Another example is USM’s National Center for Spectator Safety and Security (NCS4). Kasper has been working with the center to create a series of trademarks to help with the brand and make it easily recognizable to major leagues. Kasper said the NCS4, which was born out of a Department of Homeland Security grant in 2003, has created a great network of individuals and organizations working to put in best practices for the sports security professional at multiple levels.

Kasper is also working with other groups within the university on developments.

“Exciting things are coming out of our School of Computing, School of Ocean Science and Technology, and College of Nursing,” he said. “The departments within our College of Education and Psychology Departments have also come up with innovations.”

Kasper said overall benefits to technology transfer are multi-pronged: Companies are able to tap into the research enterprise of the university and leverage the capabilities and skill sets of not only the faculty, but the students. Intellectual assets might be able to be licensed out by a business to help give them a competitive advantage. And, the benefit most invisible is the actual knowledge creation that has happened because an industry has actually asked the university to look into a particular problem and provide feedback. Still another benefit is workforce development of students.
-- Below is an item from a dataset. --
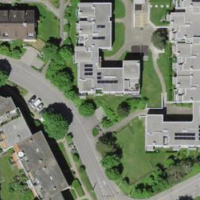
EUNIS habitat code: 55
Species observed at this site:
Cephalanthera damasonium
Ajuga reptans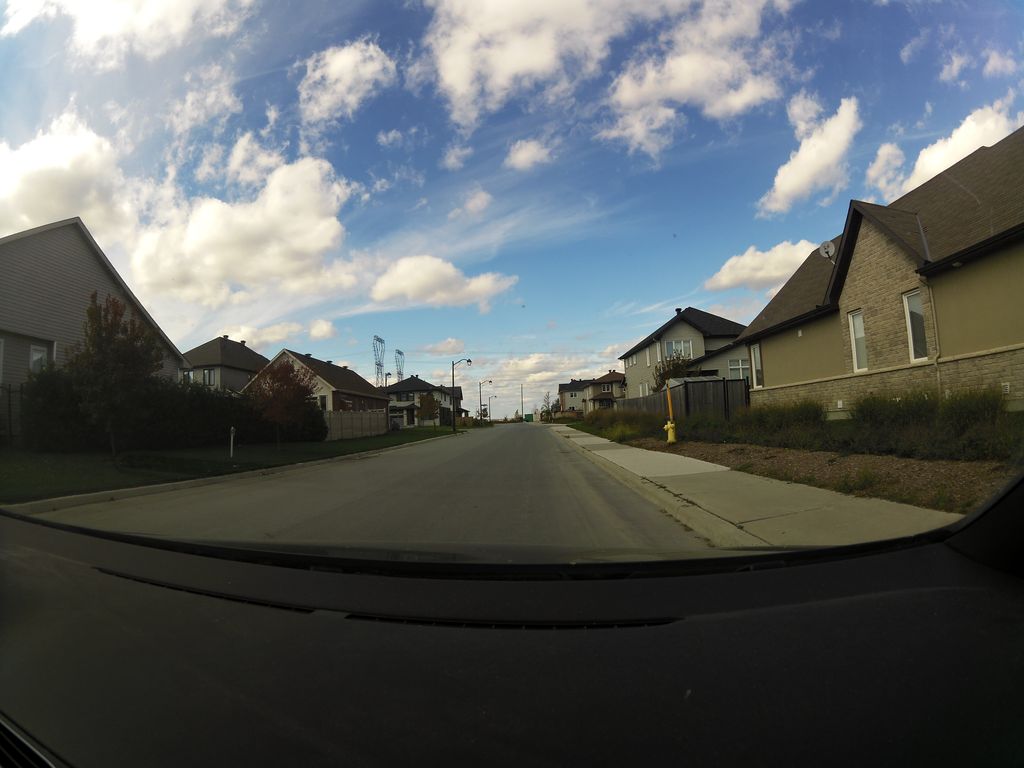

“For example, almost all of our polymer students have a job when they graduate,” Kasper said.

The national reputation of the School of Polymers and High Performance Materials attracted Hybrid Plastics to relocate from Los Angeles to Hattiesburg in 2005, said Hybrid Plastics Chief Operating Officer Carl Hagstrom. Hagstrom said Hybrid Plastics, one of the top ten nanotechnology companies in the U.S., has benefitted from the relationship with USM.

“It is exciting to watch the enthusiasm with which the university is now expanding that effort into other STEM programs,” Hagstrom said. “Technological innovation begins with a culture that values discovery. Southern Miss has that culture. Encouraging technological development is more than just a numbers count of certain metrics. It is encouraging a mind-set, a determination to push the boundaries from academic curiosities to practical commercial applications.”

Kasper said each university in Mississippi has expertise in different disciplines.

“It is exciting to see the innovations coming out of higher education in the State of Mississippi,” he said. “In today’s climate, the creation and sharing of information has become more and more robust and efficient. The speed and amount at which information travels and is disseminated is increasing at an increasing rate. Research universities are constantly learning and creating new knowledge. I think there is no question that not just Mississippi, but across the U.S., where you see strong economic development, you also see the presence of large university research enterprise(s) in close proximity.”

Kasper said he really enjoys engaging with faculty members who are so talented.

“It is a privilege to work with some of the best and brightest in their fields internationally,” he said.